Today sees the publication of surgeons’ death rates on the MyNHS website (see Guardian and BBC stories). The website presents full lists of surgeons by specialty alongside either blue circles with a large ‘OK’ inside, grey circles with question marks, or green circles with ticks, to reflect, respectively, whether the surgeons’ risk adjusted mortality (or other significant morbidity) falls within expected limits or is a negative or positive outlier. The important question here is whether these measures actually reflect surgeon quality.

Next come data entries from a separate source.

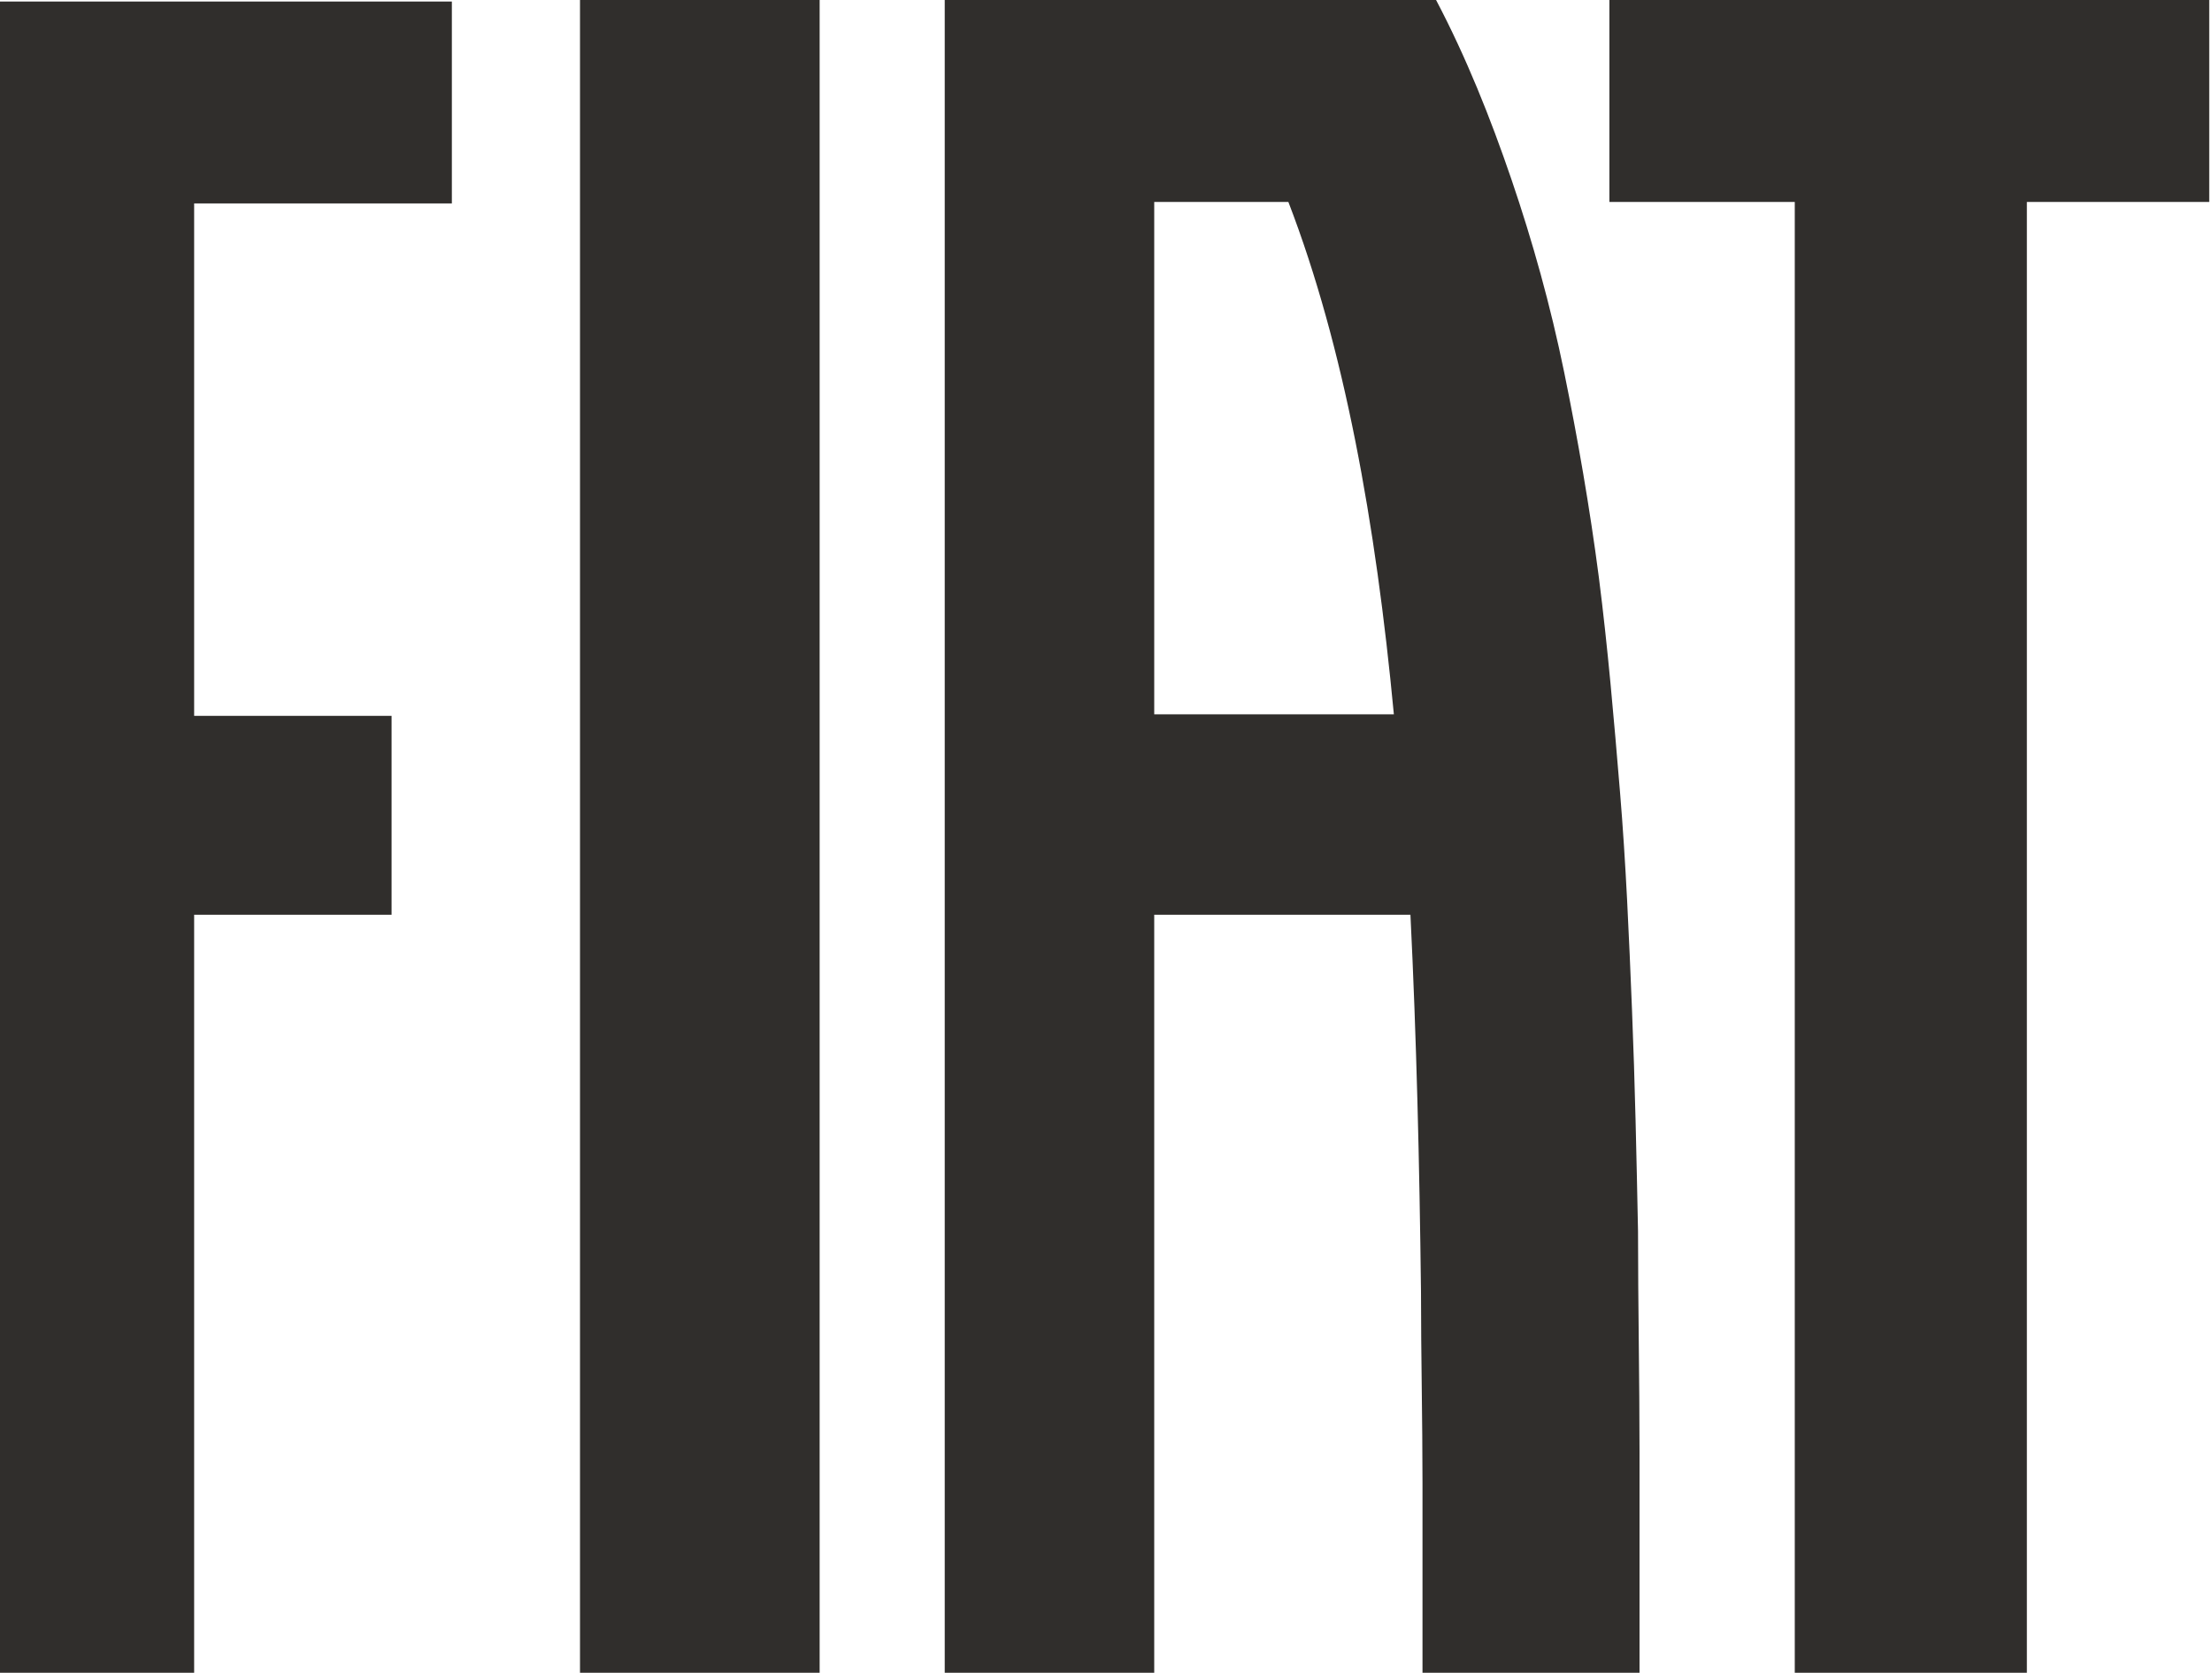 <?xml version="1.0" encoding="UTF-8"?>
<svg xmlns="http://www.w3.org/2000/svg" xmlns:xlink="http://www.w3.org/1999/xlink" xml:space="preserve" width="119px" height="90px" version="1.1" style="shape-rendering:geometricPrecision; text-rendering:geometricPrecision; image-rendering:optimizeQuality; fill-rule:evenodd; clip-rule:evenodd" viewBox="0 0 1466 1110">
 <defs>
  <style type="text/css">
   
    .fil0 {fill:#302E2C}
   
  </style>
 </defs>
 <g id="Warstwa_x0020_1">
  <g id="_669957520">
   <path class="fil0" d="M384 1110c53,0 106,0 159,0 0,-370 0,-740 0,-1110 -53,0 -106,0 -159,0 0,370 0,740 0,1110z"></path>
   <path class="fil0" d="M1067 0c0,45 0,89 0,134 41,0 82,0 123,0 0,325 0,651 0,976 51,0 103,0 154,0 0,-325 0,-651 0,-976 40,0 81,0 121,0 0,-45 0,-89 0,-134 -133,0 -266,0 -399,0z"></path>
   <path class="fil0" d="M0 1110l2 0 2 0 2 0 2 0 2 0 2 0 2 0 2 0 2 0 2 0 2 0 2 0 2 0 2 0 2 0 2 0 2 0 2 0 2 0 2 0 2 0 2 0 2 0 2 0 2 0 2 0 2 0 2 0 2 0 2 0 2 0 2 0 2 0 2 0 2 0 2 0 2 0 2 0 2 0 2 0 2 0 2 0 2 0 2 0 2 0 2 0 2 0 2 0 2 0 2 0 2 0 2 0 2 0 2 0 2 0 2 0 2 0 2 0 2 0 2 0 2 0 2 0 2 0 2 0c0,-168 0,-336 0,-503 44,0 88,0 131,0 0,-44 0,-88 0,-132 -44,0 -88,0 -131,0 0,-113 0,-227 0,-340 57,0 114,0 171,0 0,-45 0,-89 0,-134l-5 0 -5 0 -5 0 -5 0 -5 0 -5 0 -5 0 -5 0 -5 0 -5 0 -5 0 -5 0 -5 0 -5 0 -5 0 -5 0 -5 0 -5 0 -5 0 -5 0 -5 0 -5 0 -5 0 -5 0 -5 0 -5 0 -5 0 -5 0 -5 0 -5 0 -5 0 -5 0 -5 0 -5 0 -5 0 -5 0 -5 0 -5 0 -5 0 -5 0 -5 0 -5 0 -5 0 -5 0 -5 0 -5 0 -5 0 -5 0 -5 0 -5 0 -5 0 -5 0 -5 0 -5 0 -5 0 -5 0 -5 0 -5 0 -5 0 -5 0 -5 0 -5 0 -5 0 -5 0 0 1110z"></path>
   <path class="fil0" d="M765 474c0,-113 0,-227 0,-340 30,0 60,0 89,0 37,96 58,213 70,340 -53,0 -107,0 -160,0zm322 490c0,-49 -1,-98 -1,-147 -1,-49 -2,-98 -4,-147 -2,-49 -4,-97 -8,-145 -4,-48 -8,-95 -14,-142 -6,-46 -14,-92 -23,-136 -9,-44 -21,-87 -35,-128 -14,-41 -30,-81 -50,-119 -109,0 -217,0 -326,0 0,370 0,740 0,1110 46,0 92,0 139,0 0,-168 0,-336 0,-503 57,0 113,0 170,0 4,81 6,165 7,250 0,42 1,85 1,127 0,42 0,85 0,127 48,0 96,0 144,0 0,-24 0,-48 0,-73 0,-24 0,-49 0,-73z"></path>
  </g>
 </g>
</svg>

This issue returns to the perennial question of measuring healthcare quality. In terms of surgeon quality, we should consider that a high quality surgeon is one which makes fewer errors, and as such causes fewer preventable adverse events. Deaths, or other adverse health outcomes, that would have occurred regardless of the responsible consultant cannot be attributed to variations in surgeon quality. Therefore, the question we should ask is whether risk-adjusted mortality is a good proxy for preventable mortality. Girling et al (2012) ask exactly this question in relation to case-mix adjusted hospital mortality and preventable mortality and conclude, ‘If 6% of hospital deaths are preventable (as suggested by the literature), the predictive value of the SMR can be no greater than 9%. This value could rise to 30%, if 15% of deaths are preventable.’ A similar argument applies to individual physicians.
It is also important to ask what the consequences of publishing such data would be on patient and surgeon behaviour. In the latter case, surgeons may become more risk averse, avoiding cases in which there is a greater chance of non-preventable mortality since these cases would reflect badly against them. Indeed, speaking on this morning’s (Wednesday 19th November) Today programme, Ian Martin, from the Federation of Surgical Speciality Associations, suggested that there was anecdotal evidence indicating that this was the case. This is certainly not in the interests of the patient population. The publication of these data may also alter the way in which patients and surgeons are matched to one another, since patients will likely decide not to visit a surgeon with a high risk adjusted mortality rate. Yet, this altering of a specific surgeon’s case-mix resulting from patient choice, will mean that previous adjusted mortality rates will have poor predictive value for future adjusted mortality rates, and even less predictive value for preventable mortality.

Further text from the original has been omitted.